Task details -> What you need to produce from the material below is an exact transcription of the lines from the one with "བཟོད་མཛད་རིགས། །ཞེས་བརྗོད་དེ། འདོད་དོན་འགྲུབ་པར་གསོལ་བ་བཏབ་ལ།" through the one with "ཨོཾ་ཨཱཿ ཧཱུཾ། བྫྲ་མུཿ", both included, and no other line.

Stored data ->

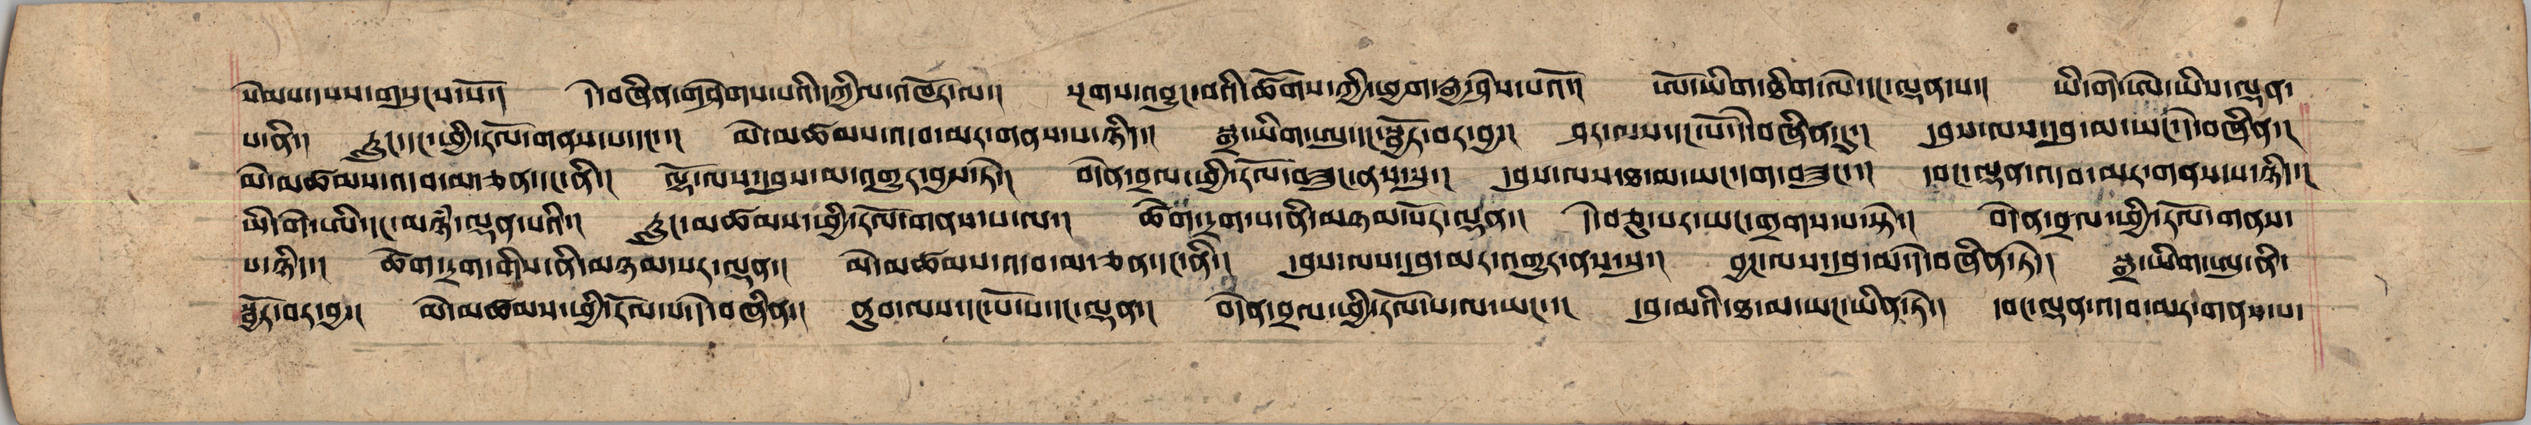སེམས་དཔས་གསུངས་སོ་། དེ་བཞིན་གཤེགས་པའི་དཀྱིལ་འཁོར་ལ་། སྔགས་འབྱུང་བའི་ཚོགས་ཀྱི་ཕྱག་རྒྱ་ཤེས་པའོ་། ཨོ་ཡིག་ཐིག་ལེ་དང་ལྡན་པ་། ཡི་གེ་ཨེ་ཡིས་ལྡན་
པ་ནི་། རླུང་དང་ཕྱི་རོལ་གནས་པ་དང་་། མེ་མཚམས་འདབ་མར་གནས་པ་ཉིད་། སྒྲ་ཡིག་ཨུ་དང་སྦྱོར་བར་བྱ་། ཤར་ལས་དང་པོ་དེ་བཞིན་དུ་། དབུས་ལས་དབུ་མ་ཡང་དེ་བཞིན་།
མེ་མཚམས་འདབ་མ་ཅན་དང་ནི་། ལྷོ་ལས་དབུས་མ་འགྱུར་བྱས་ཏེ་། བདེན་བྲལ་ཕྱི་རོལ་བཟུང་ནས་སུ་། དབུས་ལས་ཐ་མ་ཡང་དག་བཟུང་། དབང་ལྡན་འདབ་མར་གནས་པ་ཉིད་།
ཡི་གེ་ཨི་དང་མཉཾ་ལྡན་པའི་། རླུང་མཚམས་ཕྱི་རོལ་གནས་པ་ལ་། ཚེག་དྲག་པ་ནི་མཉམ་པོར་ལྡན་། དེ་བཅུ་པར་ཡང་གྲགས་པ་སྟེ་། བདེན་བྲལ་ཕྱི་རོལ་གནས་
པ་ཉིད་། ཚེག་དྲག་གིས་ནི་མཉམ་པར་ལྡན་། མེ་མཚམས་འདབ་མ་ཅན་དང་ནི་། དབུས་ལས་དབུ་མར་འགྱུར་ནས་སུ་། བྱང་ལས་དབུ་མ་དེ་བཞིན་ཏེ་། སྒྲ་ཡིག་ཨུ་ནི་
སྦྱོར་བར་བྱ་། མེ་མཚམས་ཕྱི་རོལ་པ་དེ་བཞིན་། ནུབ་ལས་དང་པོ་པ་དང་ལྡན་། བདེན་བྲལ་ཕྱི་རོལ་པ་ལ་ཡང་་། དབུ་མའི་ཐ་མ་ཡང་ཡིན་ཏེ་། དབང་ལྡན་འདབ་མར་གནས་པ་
---
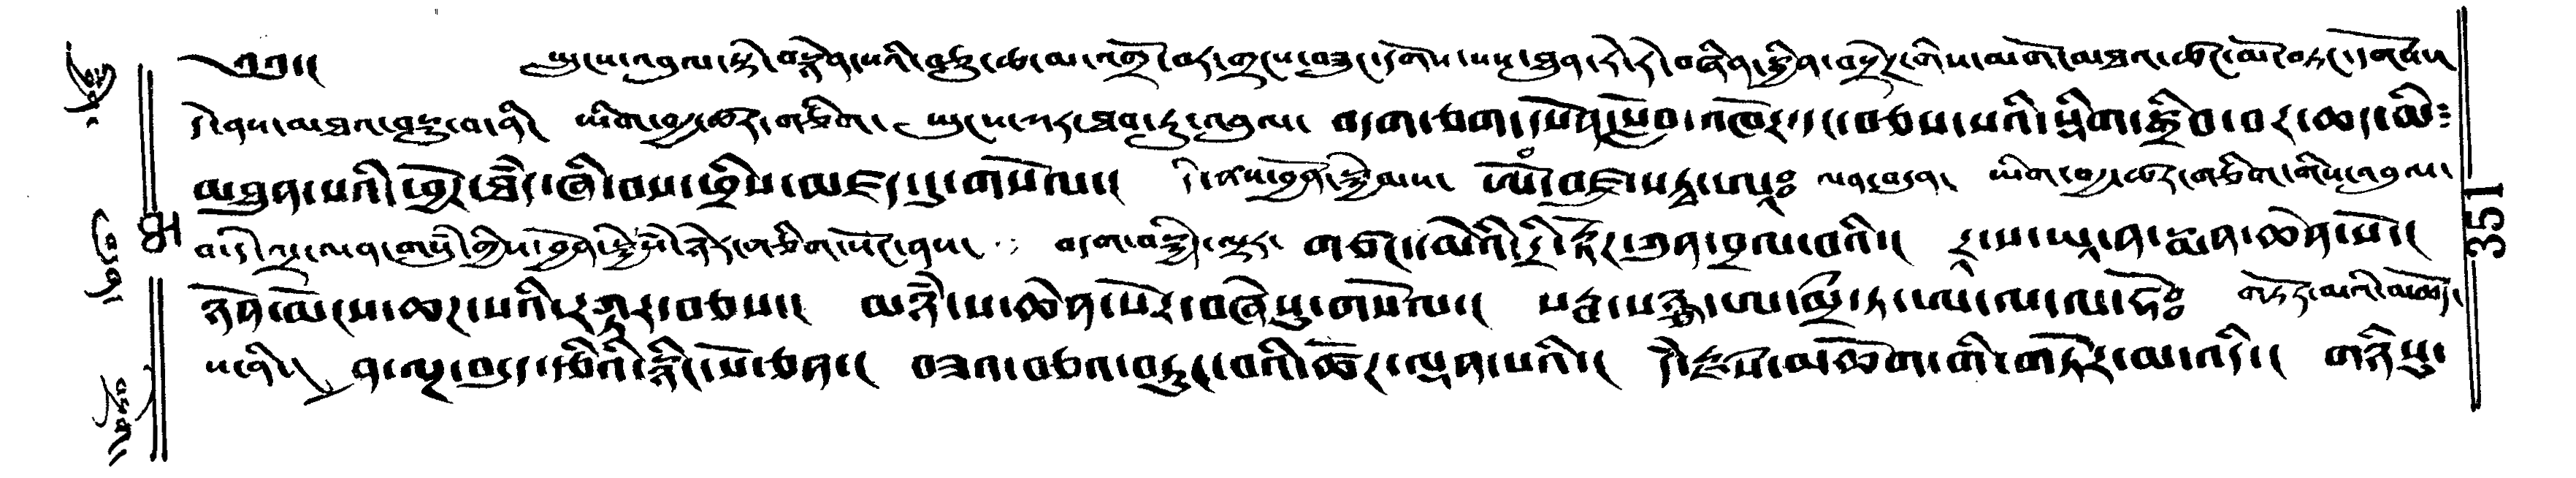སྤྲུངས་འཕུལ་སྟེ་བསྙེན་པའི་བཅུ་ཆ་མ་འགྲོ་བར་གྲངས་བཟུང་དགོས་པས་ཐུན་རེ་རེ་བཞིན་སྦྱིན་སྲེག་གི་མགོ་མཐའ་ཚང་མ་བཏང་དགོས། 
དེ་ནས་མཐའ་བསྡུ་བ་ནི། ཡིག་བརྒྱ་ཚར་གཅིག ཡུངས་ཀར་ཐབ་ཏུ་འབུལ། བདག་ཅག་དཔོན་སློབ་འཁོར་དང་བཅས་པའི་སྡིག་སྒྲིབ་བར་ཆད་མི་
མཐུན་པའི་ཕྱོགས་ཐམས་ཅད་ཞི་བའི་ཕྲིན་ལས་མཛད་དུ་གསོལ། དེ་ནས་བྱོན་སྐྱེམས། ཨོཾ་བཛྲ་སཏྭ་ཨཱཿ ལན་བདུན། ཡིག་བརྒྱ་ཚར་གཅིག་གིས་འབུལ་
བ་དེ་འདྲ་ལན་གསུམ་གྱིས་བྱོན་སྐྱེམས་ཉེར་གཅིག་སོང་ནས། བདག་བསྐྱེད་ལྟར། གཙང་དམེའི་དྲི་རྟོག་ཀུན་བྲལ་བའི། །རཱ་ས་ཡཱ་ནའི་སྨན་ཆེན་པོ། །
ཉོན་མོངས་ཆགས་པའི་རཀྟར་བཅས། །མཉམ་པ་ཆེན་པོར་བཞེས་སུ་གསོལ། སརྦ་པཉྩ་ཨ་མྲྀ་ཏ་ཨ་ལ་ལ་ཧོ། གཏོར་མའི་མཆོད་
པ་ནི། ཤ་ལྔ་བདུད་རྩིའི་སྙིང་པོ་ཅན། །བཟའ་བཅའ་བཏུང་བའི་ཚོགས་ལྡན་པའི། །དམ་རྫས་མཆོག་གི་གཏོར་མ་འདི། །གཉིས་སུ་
...
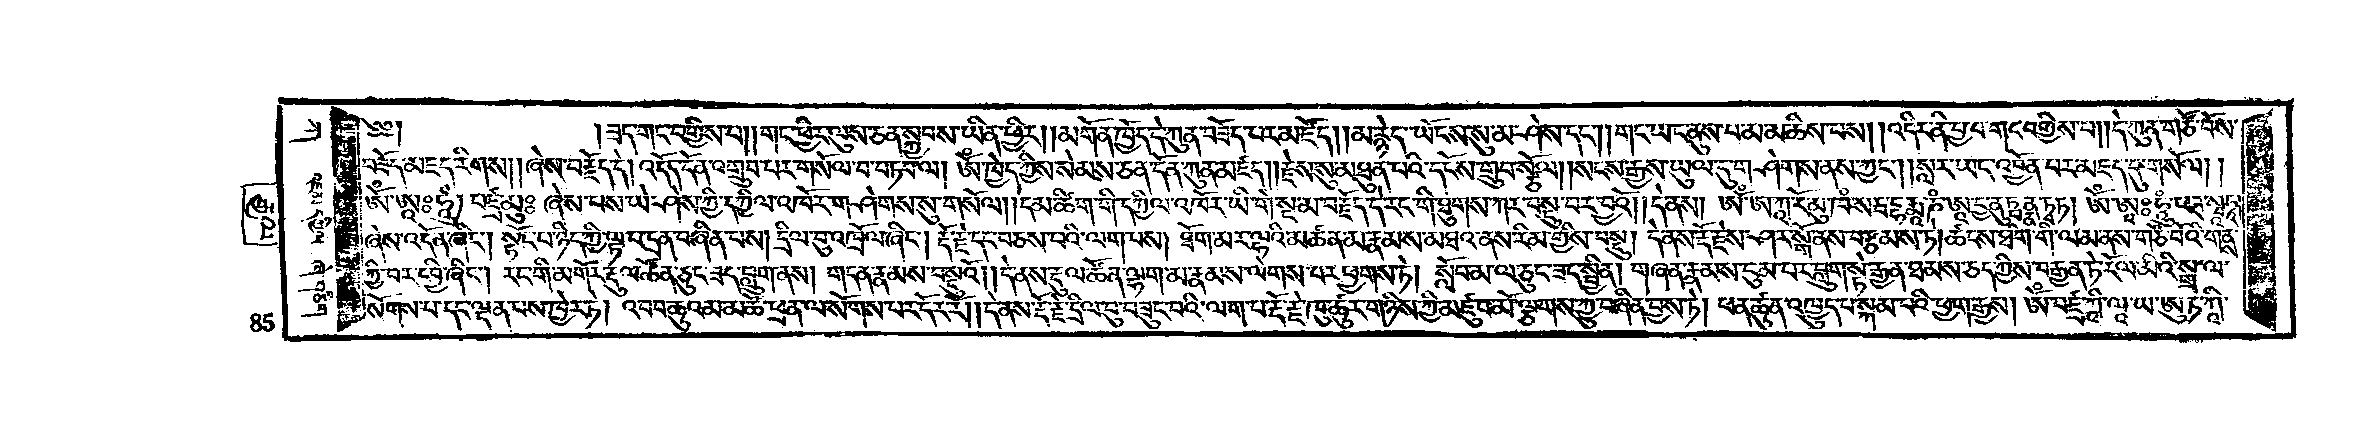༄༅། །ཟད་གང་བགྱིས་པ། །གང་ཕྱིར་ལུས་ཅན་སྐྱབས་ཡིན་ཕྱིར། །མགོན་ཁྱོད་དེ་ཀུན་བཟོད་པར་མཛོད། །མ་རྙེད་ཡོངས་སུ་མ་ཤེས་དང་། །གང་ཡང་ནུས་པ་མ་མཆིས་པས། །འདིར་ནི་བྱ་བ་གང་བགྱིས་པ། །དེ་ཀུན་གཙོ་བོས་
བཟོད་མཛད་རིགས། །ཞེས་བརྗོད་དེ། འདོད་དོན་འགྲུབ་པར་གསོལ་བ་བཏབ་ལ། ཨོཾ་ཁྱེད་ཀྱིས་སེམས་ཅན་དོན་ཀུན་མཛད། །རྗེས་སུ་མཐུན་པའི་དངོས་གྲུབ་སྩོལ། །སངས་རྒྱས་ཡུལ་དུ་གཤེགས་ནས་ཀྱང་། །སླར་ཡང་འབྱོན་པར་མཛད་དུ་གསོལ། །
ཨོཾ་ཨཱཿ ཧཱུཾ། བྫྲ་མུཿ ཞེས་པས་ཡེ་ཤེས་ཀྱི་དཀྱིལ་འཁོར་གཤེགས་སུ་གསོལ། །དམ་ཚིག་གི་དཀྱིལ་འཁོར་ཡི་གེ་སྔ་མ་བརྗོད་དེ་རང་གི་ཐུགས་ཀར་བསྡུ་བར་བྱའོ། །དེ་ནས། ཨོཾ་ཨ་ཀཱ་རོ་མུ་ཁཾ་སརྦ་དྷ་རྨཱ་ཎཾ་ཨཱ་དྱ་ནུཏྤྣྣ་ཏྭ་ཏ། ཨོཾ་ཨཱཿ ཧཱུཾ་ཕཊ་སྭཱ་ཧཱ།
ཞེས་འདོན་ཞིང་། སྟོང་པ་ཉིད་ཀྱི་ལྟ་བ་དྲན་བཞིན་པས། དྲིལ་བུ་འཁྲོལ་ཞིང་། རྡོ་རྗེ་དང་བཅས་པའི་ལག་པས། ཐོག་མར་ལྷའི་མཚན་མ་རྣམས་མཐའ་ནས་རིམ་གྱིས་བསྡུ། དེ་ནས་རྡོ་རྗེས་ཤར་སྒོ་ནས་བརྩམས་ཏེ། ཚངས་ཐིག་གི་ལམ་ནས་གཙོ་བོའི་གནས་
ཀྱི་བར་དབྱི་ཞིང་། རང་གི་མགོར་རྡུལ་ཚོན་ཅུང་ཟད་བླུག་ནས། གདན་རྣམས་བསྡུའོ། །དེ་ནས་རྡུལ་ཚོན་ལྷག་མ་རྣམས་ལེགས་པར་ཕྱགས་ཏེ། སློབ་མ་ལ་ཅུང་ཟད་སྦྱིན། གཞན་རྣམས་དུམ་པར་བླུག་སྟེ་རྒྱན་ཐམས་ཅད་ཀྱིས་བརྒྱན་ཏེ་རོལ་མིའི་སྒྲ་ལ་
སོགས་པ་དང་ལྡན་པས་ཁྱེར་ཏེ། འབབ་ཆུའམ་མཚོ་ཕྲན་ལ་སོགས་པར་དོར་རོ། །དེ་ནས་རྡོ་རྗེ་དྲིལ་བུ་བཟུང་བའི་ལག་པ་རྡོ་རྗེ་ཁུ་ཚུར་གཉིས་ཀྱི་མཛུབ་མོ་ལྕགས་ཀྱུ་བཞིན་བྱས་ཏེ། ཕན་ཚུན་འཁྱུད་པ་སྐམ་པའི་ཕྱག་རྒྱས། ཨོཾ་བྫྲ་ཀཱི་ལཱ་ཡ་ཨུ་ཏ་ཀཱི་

Expected answer ->
བཟོད་མཛད་རིགས། །ཞེས་བརྗོད་དེ། འདོད་དོན་འགྲུབ་པར་གསོལ་བ་བཏབ་ལ། ཨོཾ་ཁྱེད་ཀྱིས་སེམས་ཅན་དོན་ཀུན་མཛད། །རྗེས་སུ་མཐུན་པའི་དངོས་གྲུབ་སྩོལ། །སངས་རྒྱས་ཡུལ་དུ་གཤེགས་ནས་ཀྱང་། །སླར་ཡང་འབྱོན་པར་མཛད་དུ་གསོལ། །
ཨོཾ་ཨཱཿ ཧཱུཾ། བྫྲ་མུཿ ཞེས་པས་ཡེ་ཤེས་ཀྱི་དཀྱིལ་འཁོར་གཤེགས་སུ་གསོལ། །དམ་ཚིག་གི་དཀྱིལ་འཁོར་ཡི་གེ་སྔ་མ་བརྗོད་དེ་རང་གི་ཐུགས་ཀར་བསྡུ་བར་བྱའོ། །དེ་ནས། ཨོཾ་ཨ་ཀཱ་རོ་མུ་ཁཾ་སརྦ་དྷ་རྨཱ་ཎཾ་ཨཱ་དྱ་ནུཏྤྣྣ་ཏྭ་ཏ། ཨོཾ་ཨཱཿ ཧཱུཾ་ཕཊ་སྭཱ་ཧཱ།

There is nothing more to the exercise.